Groucho: Vamos, Ravelli, ande un poco más rápido.
Chico: ¿Y para qué tanta prisa, jefe? No vamos a ninguna parte.
Groucho: En ese caso, corramos y acabemos de una vez con esto.
Los Hermanos Marx, Groucho y Chico, abogados. 1934.
A modo de justificación
En la mayoría de los relatos que muestro aquí he sido un simple testigo y solo he tenido que levantar acta de lo que presenciaba. Otros son apenas el eco de un sentimiento. Algunos me los han contado, pero en ese caso siempre era el testimonio presencial del narrador y yo he alterado, a veces, el espacio, los personajes y el tiempo como licencia literaria.

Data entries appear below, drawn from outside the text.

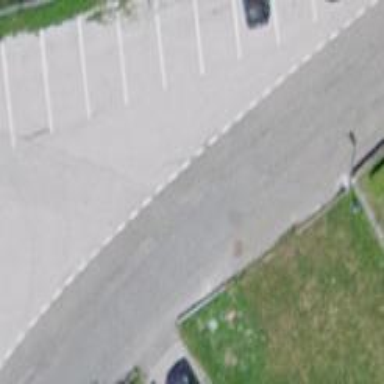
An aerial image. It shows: Parking area with surface.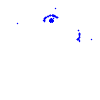
Particle: electron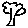
Label: tree
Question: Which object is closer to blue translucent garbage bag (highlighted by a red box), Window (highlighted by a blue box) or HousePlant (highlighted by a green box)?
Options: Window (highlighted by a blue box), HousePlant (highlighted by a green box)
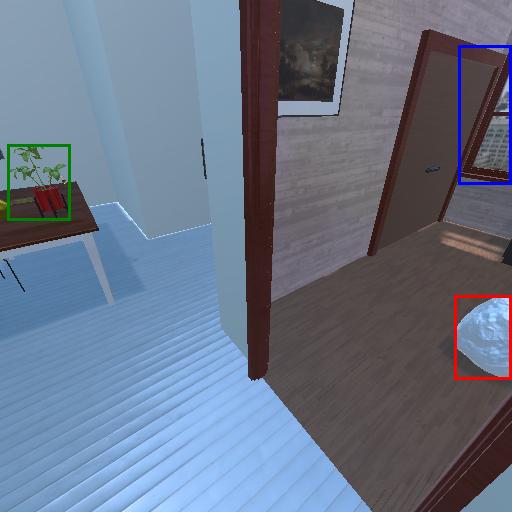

De esta manera, el cronista se torna un mero escribidor que usa la historia oral a modo de recurso para pergeñar estas sencillas narraciones que he dado en llamar «Crónicas mínimas» con las que me he cobijado en el «Hogar del Transeúnte», el lugar al que van los desheredados en cuanto anochece.
Vecindario
DÓNDE la calle que lleva tu nombre, la casa de las buenas noticias, muebles antiguos, ennoblecidos. Y Serrat, Celia, Brassens.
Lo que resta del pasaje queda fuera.